Le collectif STOP Zot Bizin Rann Nou Kont a pour objectif de rappeler à nos dirigeants qu’ils ne sont que les dépositaires et les garants de nos votes, de nos droits, de nos libertés et non les propriétaires. Ils ont des comptes à nous rendre.
Il y a d’abord notre liberté d’expression. Puis notre liberté légitime de pouvoir manifester pacifiquement et, entre autres, le droit de faire une grève pour dire « NON » contre leurs décisions.

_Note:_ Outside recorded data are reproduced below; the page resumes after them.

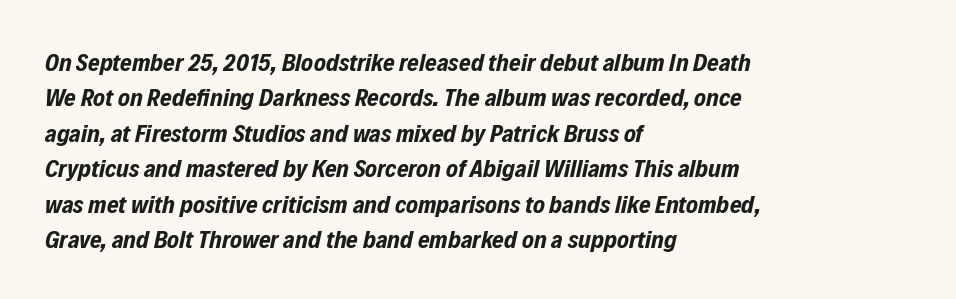
The image shows 25 px bold type, italic (leaning right); set left-aligned, normal line spacing (1.42x), normal letter spacing, not underlined.
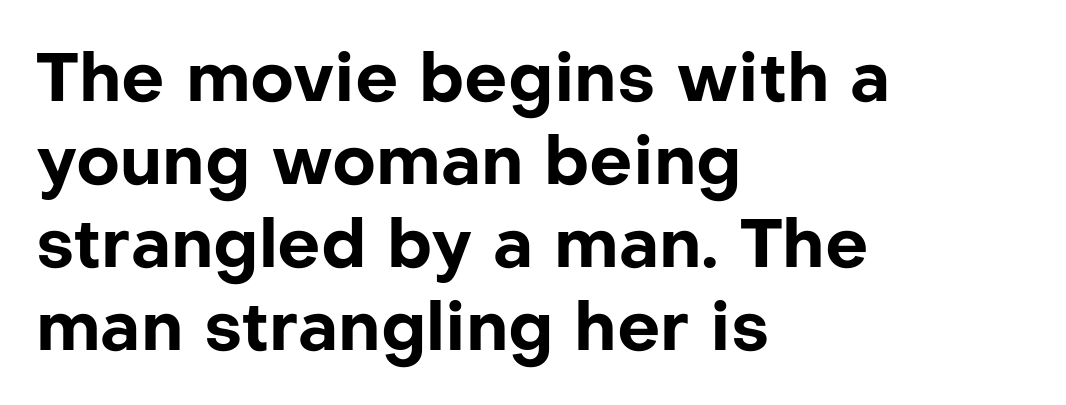
{"serif": "no", "italic": "no", "bold": "yes", "weight": "bold", "width": "normal", "stroke_contrast": "low", "x_height": "medium", "monospaced": "no", "underline": "no", "align": "left", "line_spacing_ratio": 1.22, "letter_spacing": "normal", "letter_spacing_em": 0.0, "glyph_px": 68}
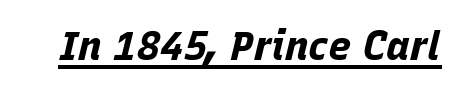
{"italic": "yes", "lean": "right", "slant_degrees": 15, "bold": "yes", "weight": "bold", "width": "normal", "stroke_contrast": "low", "x_height": "large", "monospaced": "no", "underline": "yes", "letter_spacing": "normal", "letter_spacing_em": 0.0, "glyph_px": 39}
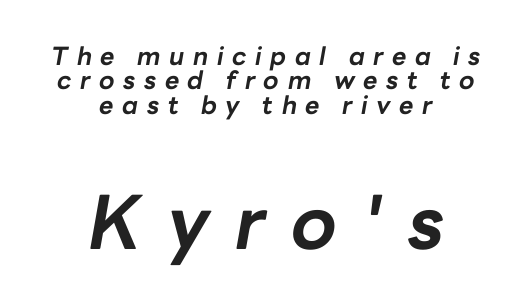
Quick note: interline space is minimal. These lines were composed using italics. Which margin do the lines hug? Neither — every line sits in the middle. Characters follow at a spacing far wider than the type designer built in. Anything drawn beneath the words? Only blank space.
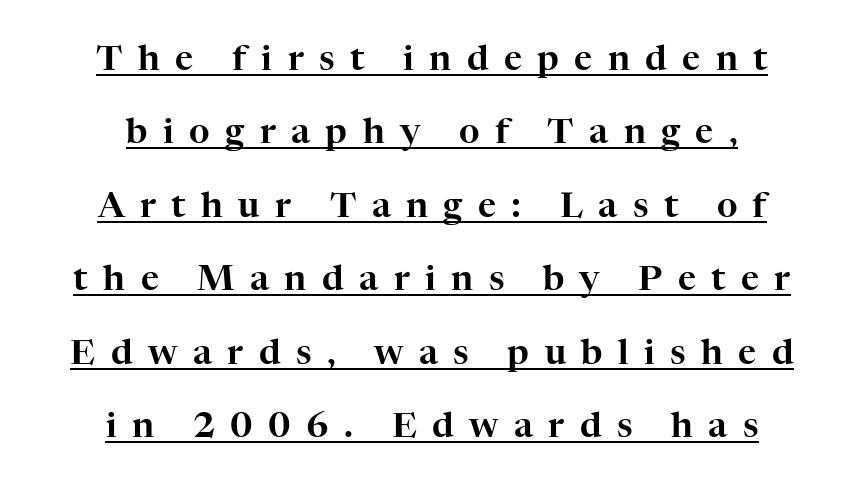
Q: Is the text italic (slanted)? A: No, it is upright.
Q: Is the typeface a serif or a sans-serif typeface? A: Serif.
Q: Is the text underlined? A: Yes.
Q: How is the paragraph aligned? A: Centered.
Q: Is the spacing between letters normal or unusually wide? A: Unusually wide.
Q: Is the spacing between lines tight, normal or loose? A: Loose.
Q: Width (condensed, normal, or wide)? A: Normal.
Q: Stroke contrast? A: High.
Q: x-height? A: Medium.
Q: Monospaced? A: No.
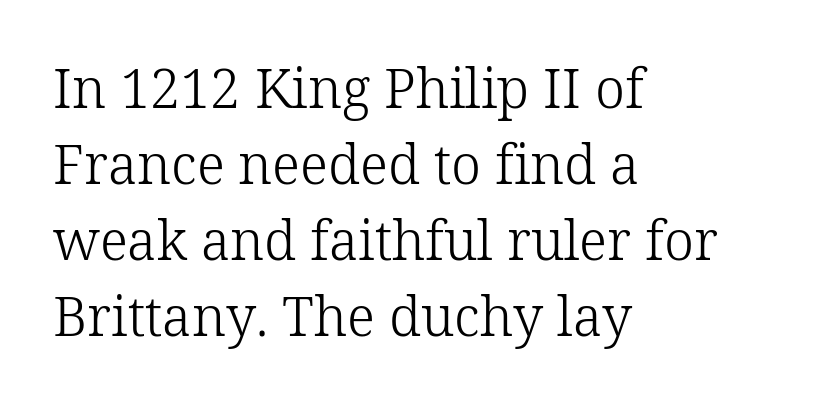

A Maurice, la Public Gathering Act (PGA), l’Employment Rights Act (ERiA), l’Employment Relations Act (EReA), la loi criminelle de diffamation (ref : « ‘Criminal Code’, Section 288), ainsi que certaines décisions restrictives de notre Commissaire de Police, distillent insidieusement une culture d’impunité, en entravant la démarche des citoyens à manifester pacifiquement sous peine d’arrestation et/ou de poursuite, en rendant l’exercice du droit de grève impossible dans la pratique, en refusant d’instituer des enquêtes indépendantes sur les allégations d’abus de pouvoir, de brutalité policière et de torture, et en facilitant, dans les entreprises, le licenciement abusif des protestataires.
Cette culture d’impunité se manifeste lorsque ceux ayant un quelconque poste de responsabilité (c-à-dr, le pouvoir) oeuvrent en sachant qu’ils ne seront probablement pas tenus responsables de leurs actes et que personne ne pourra jamais réclamer des comptes au pouvoir.
Or, il est désormais clairement établi que, dans l’intérêt général, au nom de la transparence, de la bonne gouvernance et de la démocratie, les responsables publics (politiciens, fonctionnaires, juges, chefs d’entreprise et même journalistes, entre autres) doivent davantage être sous les projecteurs de la critique publique que les individus anonymes.
Alors que persiste chez nous cette culture d’impunité, partout ailleurs dans le monde, le peuple réclame davantage de démocratie, de transparence, de « redevabilité » (« accountability »), et de comptes à leurs dirigeants. Le Printemps Arabe et le mouvement « Occupy » en sont des exemples. Ces manifestations populaires ont pour cause le manque de libertés individuelles et publiques, la corruption, l’inégalité sociale et la misère, entre autres.
Quand la société civile ne réclame pas des comptes à ses dirigeants, petit à petit s’installe dans le pays une dégradation sociale généralisée au détriment de l’intégrité personnelle et professionnelle, de la moralité publique, de la méritocratie, du civisme, des droits humains, de l’égalité des genres, du mauricianisme et de la démocratie.
Sur le plan individuel, l’impunité réduit les citoyens au silence, parce que les crimes ne font l’objet d’aucune enquête indépendante.
Dans la société les citoyens ont peur de dénoncer les crimes et de revendiquer leurs droits.
Au niveau national, les institutions se mettent aux ordres des puissants du jour ; il n’y a pas de contre-pouvoir et même certains journalistes ont peur (sans l’avouer).
Au niveau international, cette culture d’impunité devient le moteur de la course aux profits injustifiés aux dépens des droits humains qui régressent.
En 1981 le mouvement Action Civique (aujourd’hui disparu) a rappelé les qualités d’un gouvernement idéal : Transparence, Méritocratie, Intégrité, Liberté d’expression, Dialogue social, et « Redevabilité » au peuple.